I picked up Behind Closed Doors running through an airport, almost impulsively, barely reading the synopsis from the last cover and devoured the first half of the book during my flight. I kind of loved it, but there are some things that kept bugging me, although I find it pretty difficult to identify them clearly.

From the first pages (and obviously, from the synopsis), you realize that under the illusion of perfection, something is very, very wrong in the marriage of Jack and Grace. The author doesn’t let you wonder for too long, as she starts showing you the darkness that lies behind that perfect couple. You’re jumping with every chapter from the past to the present and both of them look just as terrible, without any traces of salvation, without any hopes of escaping. There’s not a single moment when you can relax and not feel ice flowing through your veins, never knowing what to expect, always assuming something even worse is going to happen.

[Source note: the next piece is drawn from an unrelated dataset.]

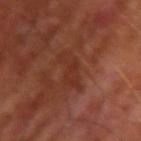Impression:
Part of a total-body skin-imaging series; this lesion was reviewed on a skin check and was not flagged for biopsy.
Background:
A 15 mm crop from a total-body photograph taken for skin-cancer surveillance. A male patient, aged 63 to 67. About 5.5 mm across. Located on the left upper arm.

Despite the satisfaction that I felt while reading it, I got a sense of disturbance, something kept bothering me. I feel like the story was built on a successful recipe without adding any extra flavors to it. Yes, the characters have a background that would explain why their personalities got so twisted. Yes, there is an aftermath that you’re even scared to think about. Yes, the suspense is on its highest. But all of these elements seem somehow shallow, like there’s too little substance to sustain the storyline properly. There are some moments that make no sense, there’s no explanation nor logic behind some of the actions that the main characters do.

Don’t get me wrong, it is a good book. If this is what you are looking for (and I definitely was!), the story will keep you entertained, holding your breath, waiting for the next move and knowing that every moment passing will throw the heroine even deeper in despair and further from salvation. But for me, the novel didn’t make me step in the characters’ shoes, didn’t transfer me to their world. Perhaps it will be different for you but personally, I couldn’t stop feeling the whole time that it’s just a story. A good one, yes, but… just a story.